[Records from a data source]
++++

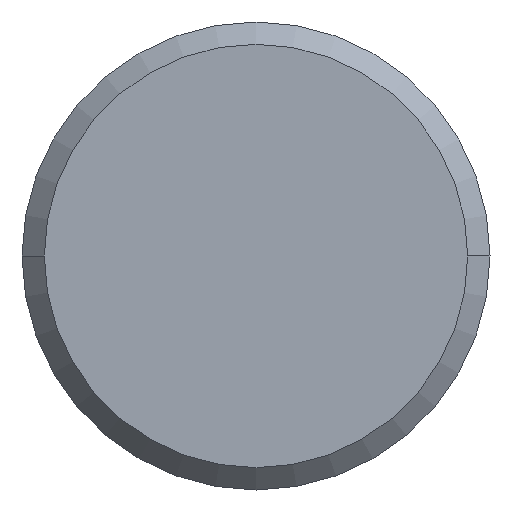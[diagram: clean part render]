
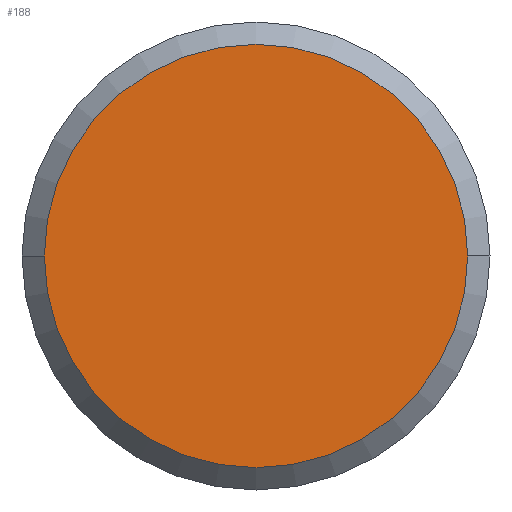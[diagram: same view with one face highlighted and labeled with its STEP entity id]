
A CAD part, left-side view. The second image highlights one B-rep face of the part: STEP entity #188.
In plain terms, the highlighted planar face has unit normal (-1, 0, 0).
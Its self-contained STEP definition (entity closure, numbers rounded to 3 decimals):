
#41 = VERTEX_POINT ( 'NONE', #87 ) ;
#48 = VERTEX_POINT ( 'NONE', #325 ) ;
#59 = EDGE_CURVE ( 'NONE', #48, #41, #202, .T. ) ;
#87 = CARTESIAN_POINT ( 'NONE',  ( 0., -9.5, 0. ) ) ;
#95 = AXIS2_PLACEMENT_3D ( 'NONE', #156, #379, #191 ) ;
#119 = PLANE ( 'NONE',  #518 ) ;
#135 = DIRECTION ( 'NONE',  ( 0., 1., 0. ) ) ;
#156 = CARTESIAN_POINT ( 'NONE',  ( 0., 0., 0. ) ) ;
#181 = CARTESIAN_POINT ( 'NONE',  ( 0., 0., 0. ) ) ;
#188 = ADVANCED_FACE ( 'NONE', ( #522 ), #119, .F. ) ;
#191 = DIRECTION ( 'NONE',  ( 0., 1., 0. ) ) ;
#202 = CIRCLE ( 'NONE', #95, 9.5 ) ;
#213 = ORIENTED_EDGE ( 'NONE', *, *, #59, .T. ) ;
#254 = DIRECTION ( 'NONE',  ( 1., 0., 0. ) ) ;
#269 = EDGE_LOOP ( 'NONE', ( #213, #558 ) ) ;
#299 = CARTESIAN_POINT ( 'NONE',  ( 0., 0., 0. ) ) ;
#324 = CIRCLE ( 'NONE', #529, 9.5 ) ;
#325 = CARTESIAN_POINT ( 'NONE',  ( 0., 9.5, 0. ) ) ;
#331 = EDGE_CURVE ( 'NONE', #41, #48, #324, .T. ) ;
#340 = DIRECTION ( 'NONE',  ( 0., 1., 0. ) ) ;
#379 = DIRECTION ( 'NONE',  ( -1., 0., 0. ) ) ;
#518 = AXIS2_PLACEMENT_3D ( 'NONE', #299, #254, #340 ) ;
#522 = FACE_OUTER_BOUND ( 'NONE', #269, .T. ) ;
#529 = AXIS2_PLACEMENT_3D ( 'NONE', #181, #540, #135 ) ;
#540 = DIRECTION ( 'NONE',  ( -1., 0., 0. ) ) ;
#558 = ORIENTED_EDGE ( 'NONE', *, *, #331, .T. ) ;

++++

Set down nothing but the lines from the one containing "#529 = AXIS2_PLACEMENT_3D" through the final line above, exactly as written.

#529 = AXIS2_PLACEMENT_3D ( 'NONE', #181, #540, #135 ) ;
#540 = DIRECTION ( 'NONE',  ( -1., 0., 0. ) ) ;
#558 = ORIENTED_EDGE ( 'NONE', *, *, #331, .T. ) ;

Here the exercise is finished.